Second, the tissue specificity of TSG hypermethylation in sporadic cancer overlaps with the tissue-specific predispositions caused by inherited mutations in these same genes. Inherited MLH1 mutations predispose to colorectal cancer and MLH1 hypermethylation is largely limited to colorectal tumours [40]. Similarly, BRCA1 mutations predispose specifically to breast and ovarian cancer and hypermethylation is limited to cancer of these tissues [40]. Within particular tissues, the phenotypes of cancers which have hypermethylated particular TSGs can overlap with the specific phenotypes of cases associated with inherited mutations in the same gene. For example, RB1 mutated and hypermethylated retinoblastomas phenocopy each other [37], colorectal tumours with either mutated or hypermethylated MLH1 have microsatellite instability (MSI) [32] and VHL hypermethylation occurs in renal cancers of the clear cell histological subtype as do VHL mutations [41]. Rare cases of inherited methylation of MLH1 and MSH2 also confer a predisposition to developing MSI colorectal cancer as do mutations in these genes, although these apparent epimutations are tightly associated with genetic variants [42, 43]. The overlap between the phenotype of mutated and hypermethylated cancers is less clear in other cases. Carriers of BRCA1 mutations develop particular types of breast cancer, specifically estrogen receptor negative (ER−ve) tumours that are often classified as belonging to one of a few special histological types [44]. BRCA1 hypermethylation was reported to be more frequent in medullary carcinomas which are ER−ve and often occur in BRCA1 carriers, but is also observed in mucinous carcinomas which are ER+ve [33, 45, 46]. Subsequent studies have reported that BRCA1 hypermethylation is not specific to ER−ve breast cancers [47] and that the gene expression profiles of BRCA1 mutated and methylated cancers differ [48]. BRCA1 hypermethylated serous ovarian adenocarcinomas also displayed a clinical course that was more similar to BRCA1 wild type than BRCA1 mutant tumours [49]. It should be noted, however, that inherited and somatic mutations in important TSGs can be associated with different phenotypes. For example, inherited mutations in CDNK2A predispose to melanoma and pancreatic tumours [34] but somatic CDNK2A mutations occur in a variety of other cancer types including non-small cell lung cancer [50].

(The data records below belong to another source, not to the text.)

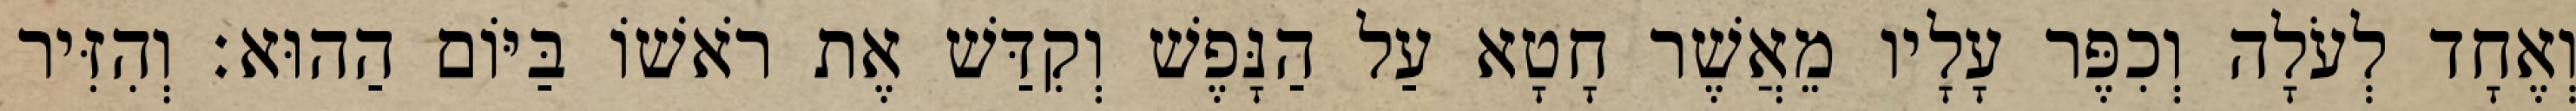
וְאֶחָד לְעֹלָה וְכִפֶּר עָלָיו מֵאֲשֶׁר חָטָא עַל הַנָּפֶשׁ וְקִדַּשׁ אֶת רֹאשׁוֹ בַּיּוֹם הַהוּא׃ וְהִזִּיר
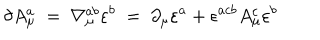
\delta A _ { \mu } ^ { a } \ = \ \nabla _ { \mu } ^ { a b } \varepsilon ^ { b } \ = \ \partial _ { \mu } \varepsilon ^ { a } + \epsilon ^ { a c b } A _ { \mu } ^ { c } \varepsilon ^ { b }
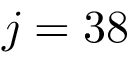
j = 3 8
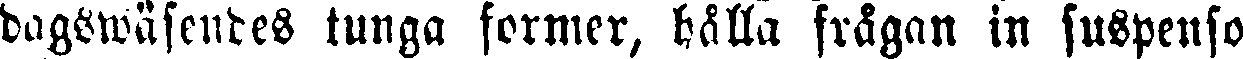
dagswäsendes tunga former, hålla frågan in suspenso
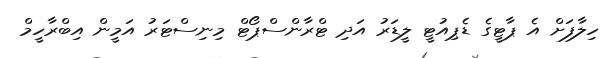
ހިލާފަށް އެ ޕާޓީގެ ޑެޕިއުޓީ ލީޑަރު އަދި ޓްރާންސްޕޯޓް މިނިސްޓަރު އަމީން އިބްރާހީމް
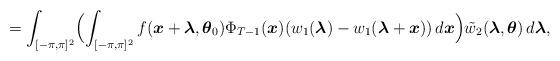
LaTeX: \begin{align*} =\displaystyle\int_{[-\pi,\pi]^2}\Bigl(\displaystyle\int_{[-\pi,\pi]^2}{f}(\boldsymbol{x}+\boldsymbol{\lambda},\boldsymbol{\theta}_0)\Phi_{T-1}(\boldsymbol{x})(w_1(\boldsymbol{\lambda})-w_1(\boldsymbol{\lambda}+\boldsymbol{x}))\,d\boldsymbol{x}\Bigr)\tilde{w}_2(\boldsymbol{\lambda},\boldsymbol{\theta})\,d\boldsymbol{\lambda},\end{align*}
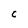
Character: C
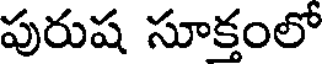
పురుష సూక్తంలో
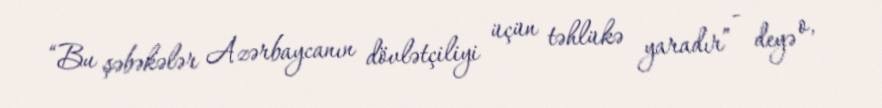
“Bu şəbəkələr Azərbaycanın dövlətçiliyi üçün təhlükə yaradır” - deyə o,
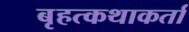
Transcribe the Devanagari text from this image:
बृहत्कथाकर्ता
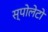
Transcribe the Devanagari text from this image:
स्पोलेटो
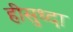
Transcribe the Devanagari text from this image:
हीसुध्दा
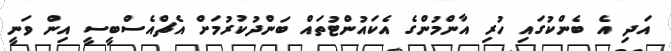
އަދި އެ ބެންކުގައި ހުރި އާންމުންގެ އެކައުންޓުތައް ބަންދުކުރުމަށް އެޗްއެސްބީސީ އިން ވަނީ
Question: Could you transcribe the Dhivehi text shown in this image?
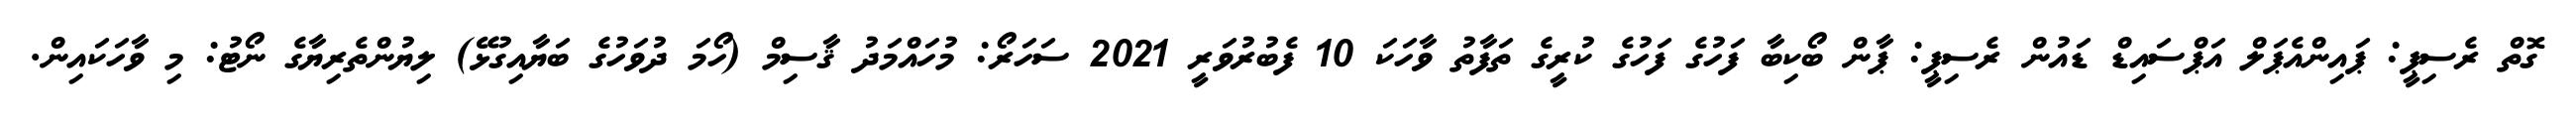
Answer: ގޮތް ރެސިޕީ: ޕައިންއެޕަލް އަޕްސައިޑް ޑައުން ރެސިޕީ: ޕާން ބޯކިބާ ފަހުގެ ފަހުގެ ކުރީގެ ތަފާތު ވާހަކަ 10 ފެބުރުވަރީ 2021 ސަހަރޯ: މުހައްމަދު ޤާސިމް (ހޯމަ ދުވަހުގެ ބަޔާއިގުޅޭ) ލިޔުންތެރިޔާގެ ނޯޓު: މި ވާހަކައިން.
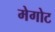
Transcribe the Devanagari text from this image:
मेगोट
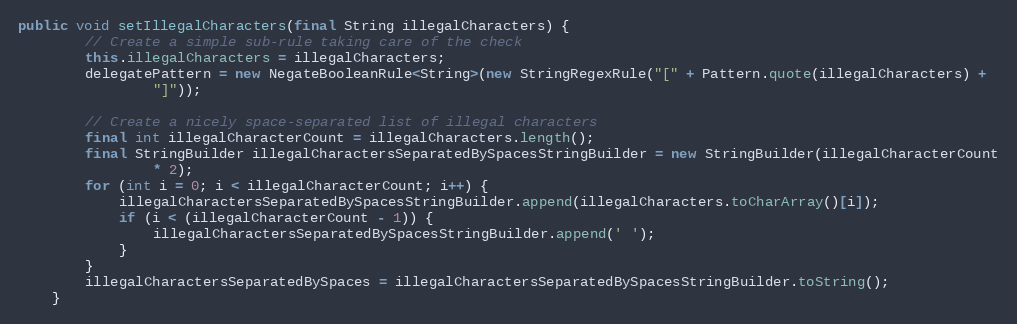
Language: Java
public void setIllegalCharacters(final String illegalCharacters) {
        // Create a simple sub-rule taking care of the check
        this.illegalCharacters = illegalCharacters;
        delegatePattern = new NegateBooleanRule<String>(new StringRegexRule("[" + Pattern.quote(illegalCharacters) +
                "]"));

        // Create a nicely space-separated list of illegal characters
        final int illegalCharacterCount = illegalCharacters.length();
        final StringBuilder illegalCharactersSeparatedBySpacesStringBuilder = new StringBuilder(illegalCharacterCount
                * 2);
        for (int i = 0; i < illegalCharacterCount; i++) {
            illegalCharactersSeparatedBySpacesStringBuilder.append(illegalCharacters.toCharArray()[i]);
            if (i < (illegalCharacterCount - 1)) {
                illegalCharactersSeparatedBySpacesStringBuilder.append(' ');
            }
        }
        illegalCharactersSeparatedBySpaces = illegalCharactersSeparatedBySpacesStringBuilder.toString();
    }
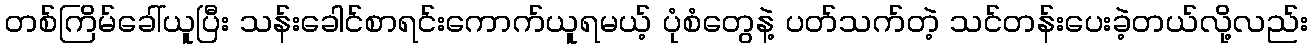
တစ်ကြိမ်ခေါ်ယူပြီး သန်းခေါင်စာရင်းကောက်ယူရမယ့် ပုံစံတွေနဲ့ ပတ်သက်တဲ့ သင်တန်းပေးခဲ့တယ်လို့လည်း

The final strong piece of evidence underpinning the causative role of aberrant DNA hypermethylation in silencing tumour suppressor genes in cancer is that they can be reactivated when methylation is removed from their promoters. This is most often achieved by treatment with the drug 5′-aza-2′-deoxycytidine (5-Aza) which causes the degradation of DNMT1, the maintenance methyltransfrase [51]. Treatment of cancer cell lines with 5-Aza causes the reactivation of hypermethylated VHL [41], MLH1 [32, 52] and BRCA1 [53]. Also, genetic knockout or RNA-mediated knockdown of DNMT results in activation of previously hypermethylated CDNK2A in a colorectal cancer cell line [54, 55]. These experiments, however, do not examine the temporal sequence of events causing gene silencing. Treatment of female mammalian cells with 5-Aza causes the activation of genes on the inactive X chromosome (Xi) [56], but silencing of genes on the Xi precedes hypermethylation of gene promoters [57, 58] and can occur in the absence of DNMTs [59, 60]. These observations demonstrate that gene activation can occur upon ablation of promoter hypermethylation even when the hypermethylation was not the initial and causative silencing event.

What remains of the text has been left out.